Иванов взглянул на часы, теперь у себя на руке:

— У нас осталось всего… тридцать две минуты, генерал!

Генерал сел.

— Что дает вам право, — прохрипел он, задыхаясь, — ставить условия и…. ультиматумы, да еще таким… таким…

— Императивным тоном? — подсказал Иванов, снова подбирая иностранный термин. — Не буду ссылаться на законы классовой борьбы, это вас все равно не убедит. Скажу понятным вам… армейским языком: право… силы, господин генерал!

— Силы? — генерал как–то по–бабьи всплеснул руками. — Да ведь наши вооруженные силы в десять раз больше ваших!

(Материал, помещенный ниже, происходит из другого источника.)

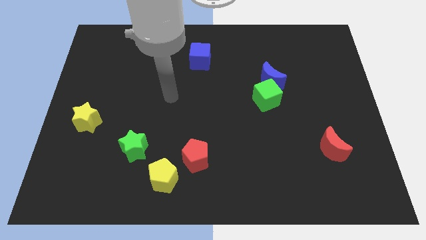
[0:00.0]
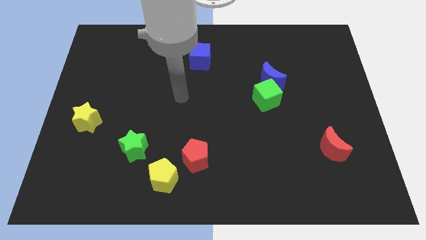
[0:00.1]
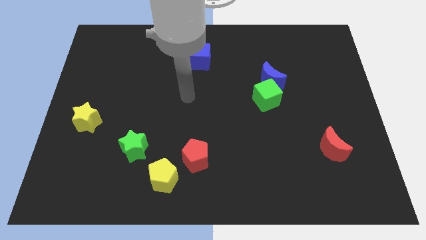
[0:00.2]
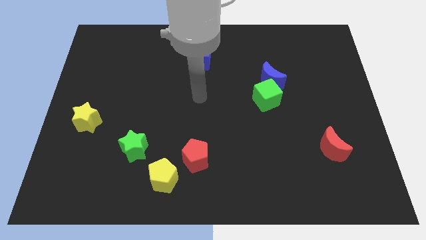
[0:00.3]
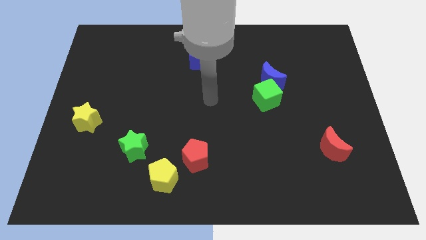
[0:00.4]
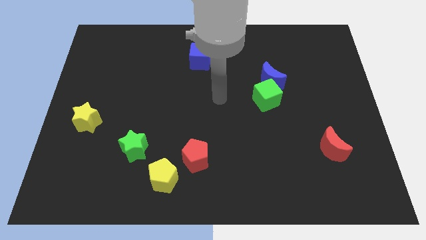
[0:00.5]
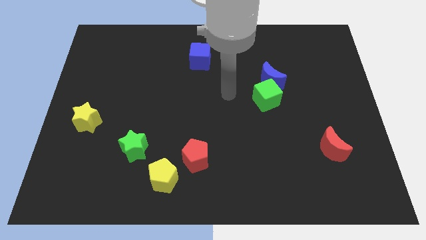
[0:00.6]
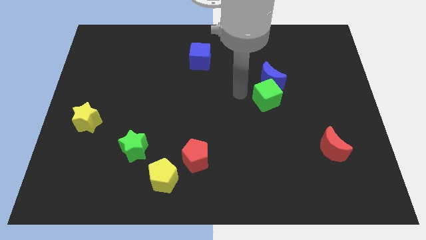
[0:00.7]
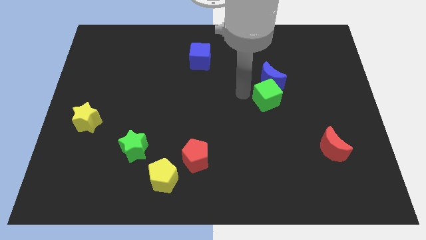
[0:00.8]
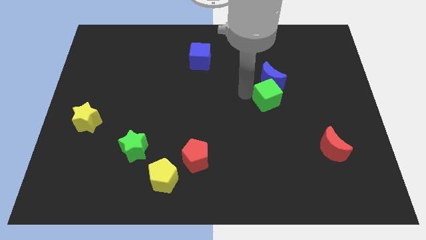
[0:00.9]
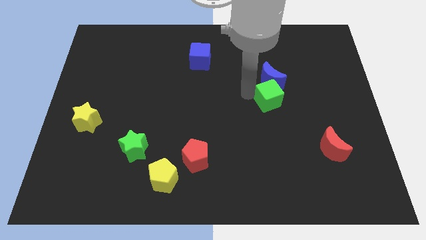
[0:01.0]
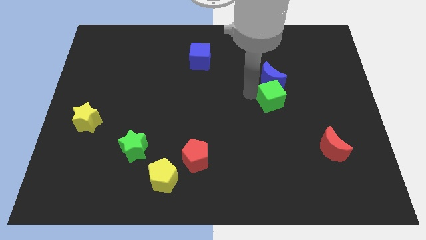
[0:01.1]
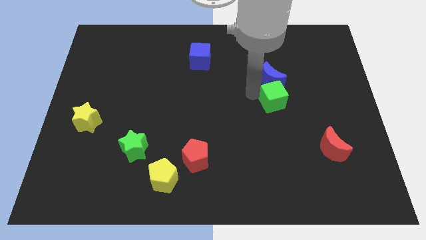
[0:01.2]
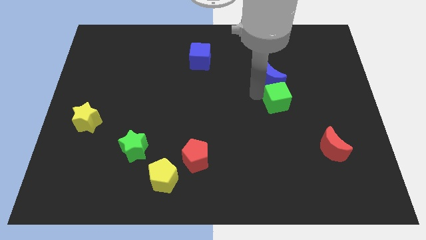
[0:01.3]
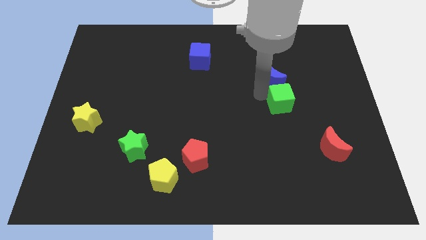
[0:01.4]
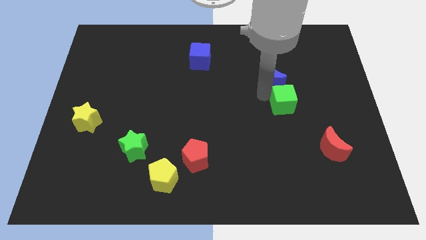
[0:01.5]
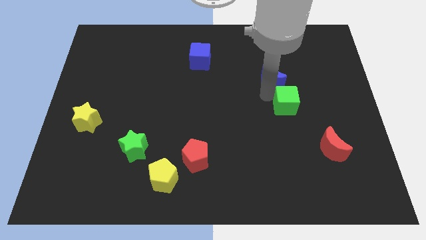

— Были, господин генерал! — пожал плечами Иванов. — Однако примите во внимание: польский легион объявил нейтралитет, славянская дружина сербо–хорватов тоже, чехословацкая бригада вышла из боя, Казаки заявили, что не станут вмешиваться в дела Украины, эшелоны, вызванные с фронта, не прошли дальше Поста Волынского. Три юнкерских училища разгромлены. Остатки юнкеров под нашими ударами отступили почти к самым стенам вашего штаба…

Генерал снова хлопнул ладонью по столу: хватит.

— В нашем распоряжении еще достаточно сил! Против вас вся Россия!

— Это покажет будущее, — ответил Иванов и снова посмотрел на часы. — У нас осталось для беседы только двадцать восемь минут.

— Черт побери! — рявкнул генерал. — Чего вы все тычете в нос ваши минуты? Что это означает?

— С этого вопроса, следовало начать, генерал. Отвечаю: наш ультиматум дает вам полчаса на размышления. Теперь осталось двадцать пять минут. Впрочем, — Иванов снова повел плечами, — я согласен считать полчаса с этого момента…

Генерал молчал, вращая глазами, — его душила астма, он не мог вымолвить ни слова. Комиссары Василенко и Кириенко сидели бледные и оцепеневшие. Тяжело дышал Боголепов–Южин у окна. Тикали часы на стене. Снаружи, там и тут — где–то далеко — порой щелкал винтовочный выстрел, еще дальше рассыпалась вдруг пулеметная очередь, изредка — совсем далеко бухал разрыв артиллерийского снаряда. Шел бой, но шел он где–то вдалеке и почти затих. Точнее, притаился, как живое существо. Чтобы сделать прыжок, взорваться снова еще с большей силой.

На какую–то минуту в кабинете командующего Киевским военным округом, охваченным восстанием — и городах Проскурове, Жмеринке, Виннице, Казатине, Фастове, Коростене, — воцарилась тишина.

5

А этажом ниже, в вестибюле штаба, в это время бурлила шумная толпа разъяренных офицеров и юнкеров. Они размахивали револьверами и винтовками и орали. Возбужденная толпа окружила двух пареньков в штатских «жакетах», подпоясанных ремнями, с пулеметными лентами крест–накрест через грудь. Кепки хлопцы надвинули на самые глаза, в руках держали винтовки с примкнутыми штыками.

Красногвардейцы Данила и Харитон — эскорт парламентера — держались, как приказано: стоять вольно и ни на что не обращать внимания — неприкосновенность им гарантирована офицерским честным словом. Толпа офицеров клокотала вокруг них, сыпя проклятьями и угрозами.

— На виселицу их!.. На телеграфные столбы!.. Изрубить в капусту!.. Продажные шкуры! Грязные босяки!